Certaines organisations et bureaucraties détiennent des propriétés étendues : églises, ordres religieux en pays chrétien ou bouddhique, fondations pieuses-en terre d’Islam, associations à finalités culturelles dans les sociétés laïques. Les grandes entreprises sont intéressées par les centres villes et toutes les zones de forte accessibilité. Ces emplacements sont tellement fréquentés que la charge symbolique qu’on leur donne a beaucoup de chances d’avoir un impact spectaculaire : une des fonctions des gratte-ciel est de rendre éclatante la réussite des compagnies qui les ont construits.

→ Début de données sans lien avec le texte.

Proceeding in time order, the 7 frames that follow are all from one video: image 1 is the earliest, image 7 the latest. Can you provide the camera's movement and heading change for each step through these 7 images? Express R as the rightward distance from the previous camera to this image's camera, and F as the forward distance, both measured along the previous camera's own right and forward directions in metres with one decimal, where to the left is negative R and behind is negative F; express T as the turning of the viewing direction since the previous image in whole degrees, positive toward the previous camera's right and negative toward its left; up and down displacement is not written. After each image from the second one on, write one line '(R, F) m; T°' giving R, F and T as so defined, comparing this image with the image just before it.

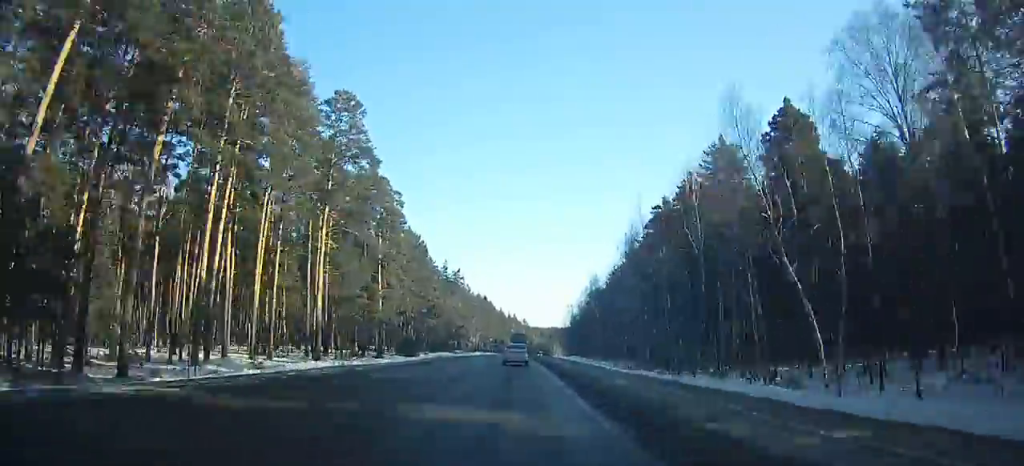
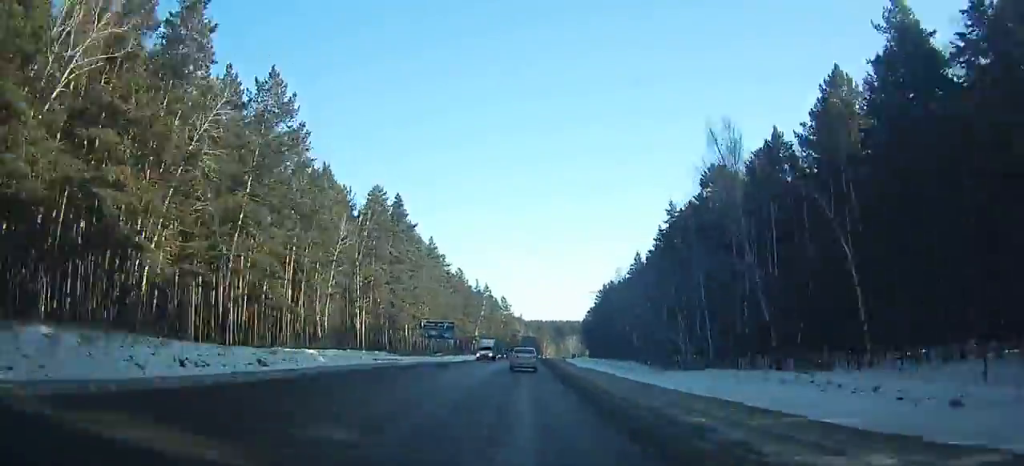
(+1.8, +138.0) m; +3°
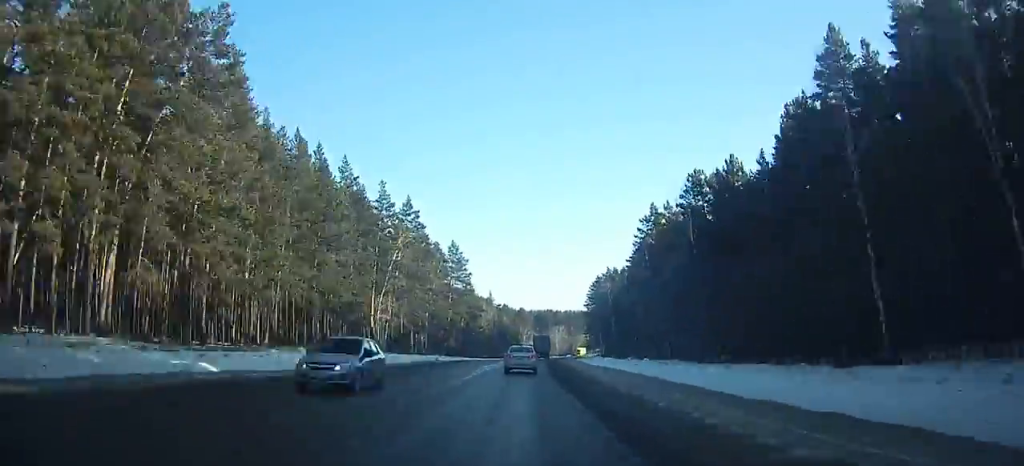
(+2.9, +102.0) m; +3°
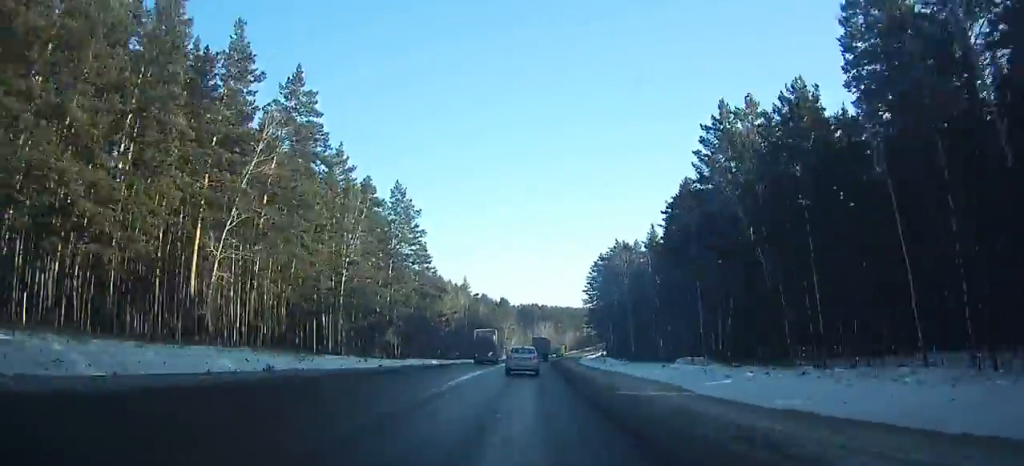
(+0.5, +42.0) m; +2°
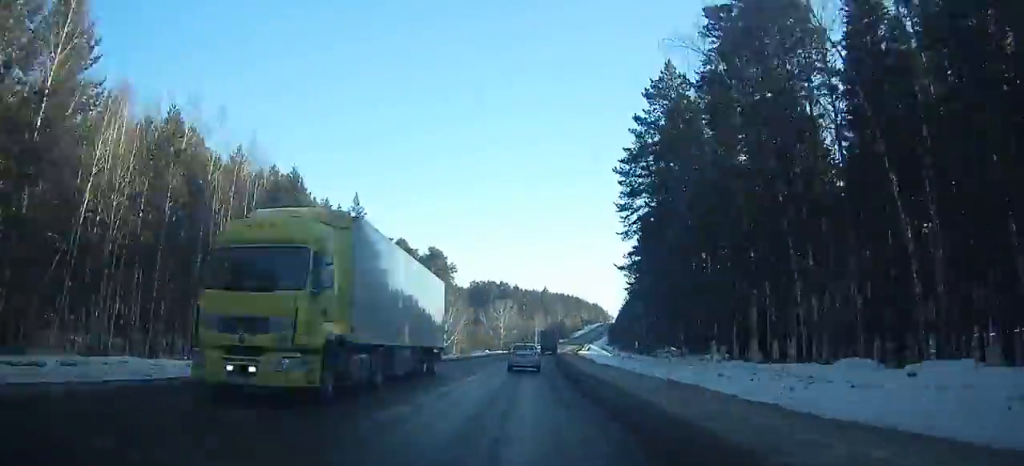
(+3.3, +97.2) m; +5°
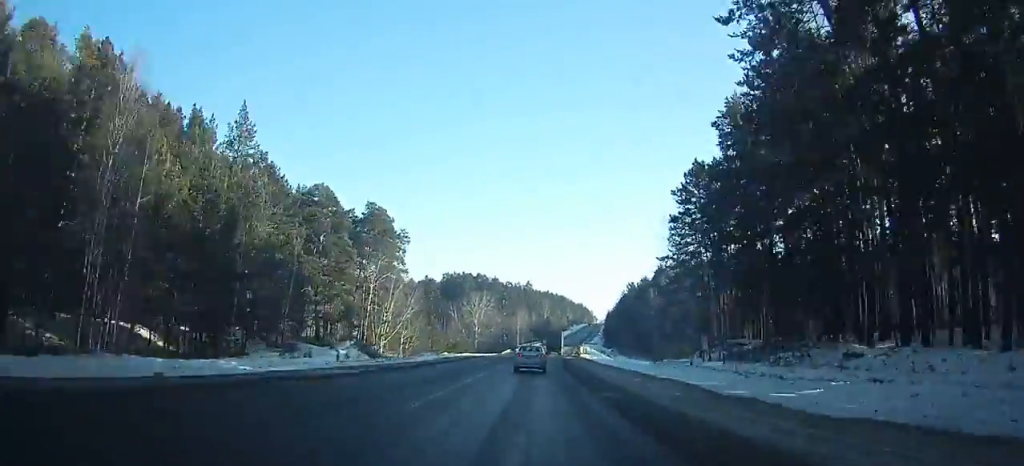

La puissance publique agit directement sur les emprises qu’elle possède — voiries, lieux de rassemblements, établissements administratifs — et indirecte¬ment à travers le droit de regard ou de contrôle qu’elle possède sur certaines terres privées ou sur la totalité de celles-ci : aménager, n’est-ce pas hiérarchiser des décisions dans le but d’assurer une organisation plus efficace, plus juste et plus harmonieuse des espaces humanisés ?
La distribution des droits de propriété (Claval, 1982) reflète les formes d’architecture sociale qui dominent dans tel ou tel groupe. Selon le système de succession, les acquis sont transmis de génération en génération (par dévolution au fils aîné, par exemple), ou remis en cause par le partage égalitaire entre les héritiers et par le prélèvement de droits élevés : cet aspect de la culture est déterminant pour comprendre la répartition des décideurs dans un milieu donné.
Décisions politiques et expression des préférences culturelles
Les droits dont disposent les gens sur les biens, les terrains et les immeubles ne résultent pas simplement du jeu des mécanismes économiques et du poids des inégalités transmises par héritage. Leur définition dépend de décisions politiques. Il ne suffit pas que les mouvements d’inspiration chrétienne prônent l’exploitation familiale pour que celle-ci s’impose dans les campagnes : il faut la favoriser en donnant aux fermiers et aux métayers un statut stable, éviter l’émiettement des héritages qui résulte normalement du jeu des successions égalitaires dans les zones de petite propriété, créer des institutions de crédit qui ouvrent aux petits agriculteurs l’accès à des prêts de faible coût, et multiplier les coopératives d’approvisionnement ou de commercialisation.
Le développement des zones urbaines de basse densité implique la mise en place de réseaux de transport en commun, la définition de tarifs qui rendent les migrations alternantes accessibles aux petits revenus, et la création d’un système de prêts hypothécaires qui élargisse à une large partie du groupe social l’accès à la propriété, etc.
Les préférences culturelles ne s’inscrivent dans l’espace qu’à travers la mise en place de contextes institutionnels adéquats : leur expression passent par des choix politiques. Si les citadins de beaucoup de pays européens se sont longtemps entassés dans des zones de forte densité, ce n’était pas parce qu’ils aspiraient à ce type d’habitat et aux formes de vie qui lui étaient liées ; c’est que le système de promotion immobilière et le marché foncier avaient été ainsi définis par le gouvernement qu’ils ne pouvaient fournir dans de bonnes conditions des maisons individuelles à bas prix.
L’expression spatiale des préférences culturelles n’est possible qu’à travers l’instauration par les instances politiques d’un environnement légal favorable. Elle dépend aussi de la répartition des compétences et des formes que revêt la division du travail.